Returns `NULL` on failure.

#### Return the length (in bytes) of the build-id
```c
ElfW(Word)
build_id_length(const struct build_id_note *note);
```

#### Return a pointer to the build-id
```c
const uint8_t *
build_id_data(const struct build_id_note *note);
```

## Examples
Some demonstrations of the API are provided:
  * [test.c](test.c) - Retrieves its own build-id
  * [so-test.c](so-test.c) - Retrieves the build-id of a linked shared object
  * [dlopen-test.c](dlopen-test.c) - Retrieves the build-id of a `dlopen`'d shared object

```sh
$ ./build-id
Build ID: 5a9f352b656d36bd95b0cec8a31679dac872f5be
$ LD_LIBRARY_PATH=. ./so-build-id
Build ID: 79588ab64fe9fe95bce4243e26aee4449517434e
$ ./dlopen-build-id
Build ID: 79588ab64fe9fe95bce4243e26aee4449517434e
```

Separately, the `file` command can retrieve the build-ids:
```sh
$ file build-id
build-id: ELF 64-bit LSB pie executable, x86-64, version 1 (SYSV), dynamically linked, interpreter /lib64/ld-linux-x86-64.so.2, BuildID[sha1]=5a9f352b656d36bd95b0cec8a31679dac872f5be, for GNU/Linux 3.2.0, with debug_info, not stripped
$ file libbuild-id.so 
libbuild-id.so: ELF 64-bit LSB shared object, x86-64, version 1 (SYSV), dynamically linked, BuildID[sha1]=79588ab64fe9fe95bce4243e26aee4449517434e, not stripped
```

### Building
A simple `Makefile` builds the example programs with `-Wl,--build-id=sha1` (and `-fPIC`; see [Caveats](#caveats))
```sh
$ make
```

### Testing
`make check`  runs the example programs and verifies that they output the same build-id as reported by `file`.
```sh
$ make check
```

## Caveats
### -fPIC
Looking up a build-id given a symbol name (with `build_id_find_nhdr_by_symbol`) requires a call to the `dladdr` function. Quoting from the `dladdr(3)` man page:

> Sometimes, the function pointers you pass to dladdr() may surprise you.  On some architectures (notably i386 and x86-64), dli_fname and dli_fbase may end up pointing back at the  object  from  which you called dladdr(), even if the function used as an argument should come from a dynamically linked library.
>
> The problem is that the function pointer will still be resolved at compile time, but merely point to the plt (Procedure Linkage Table) section of the original object (which dispatches the call after asking the dynamic linker to resolve the symbol).  To work around this, you can try to compile the code to be position-independent: then, the compiler cannot prepare the pointer at compile time  any more and gcc(1) will generate code that just loads the final symbol address from the got (Global Offset Table) at run time before passing it to dladdr().

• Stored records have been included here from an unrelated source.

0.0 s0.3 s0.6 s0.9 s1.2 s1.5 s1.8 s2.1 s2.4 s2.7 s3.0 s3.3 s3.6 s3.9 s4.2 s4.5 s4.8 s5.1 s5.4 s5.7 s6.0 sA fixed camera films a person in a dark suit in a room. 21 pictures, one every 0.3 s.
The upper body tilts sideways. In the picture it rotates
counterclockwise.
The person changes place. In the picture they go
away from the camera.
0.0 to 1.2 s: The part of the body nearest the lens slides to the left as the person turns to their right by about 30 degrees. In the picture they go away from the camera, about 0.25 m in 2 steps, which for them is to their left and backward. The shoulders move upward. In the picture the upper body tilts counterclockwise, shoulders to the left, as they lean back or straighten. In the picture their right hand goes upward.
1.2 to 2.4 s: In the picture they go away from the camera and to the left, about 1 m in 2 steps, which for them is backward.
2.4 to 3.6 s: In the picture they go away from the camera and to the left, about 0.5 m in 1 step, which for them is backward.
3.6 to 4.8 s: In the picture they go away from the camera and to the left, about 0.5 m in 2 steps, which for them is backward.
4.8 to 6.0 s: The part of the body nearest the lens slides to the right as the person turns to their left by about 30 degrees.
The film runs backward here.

As a result, build code with `-fPIC` to ensure that `build_id_find_nhdr_by_symbol` works as expected. In practice, I found that compiling the `so-build-id` program without `-fPIC` with clang caused the program to fail.

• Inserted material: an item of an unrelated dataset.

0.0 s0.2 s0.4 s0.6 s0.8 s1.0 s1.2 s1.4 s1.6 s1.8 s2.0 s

### build-id dependent on compiler flags
Any change that affects the code or data of the ELF binary will also result in a different build-id. It's obvious but important to note that debug and release builds will have different build-ids.

For Mesa's usage this is entirely acceptable because we expect that the vast majority of users are using distribution-provided builds of Mesa.

## Other proposed (and failed) solutions

Other proposed solutions that I tried failed for a variety of reasons:

  * "Just hash all of the source code"
  * Use a linker script to insert `start`/`end` symbols around the `.note.gnu.build-id`. Failed when reading the build-id of a shared object for unknown reasons. Incompatible with [gold](https://en.wikipedia.org/wiki/Gold_(linker)), which does not use linker scripts.
  * Use `dladdr()` to find the path and name of the binary. Open and read ELF sections. Effectively the same as what the code in this repository does, but without the guarantee that the binary you read from the disk is the same one that is executing in the current process.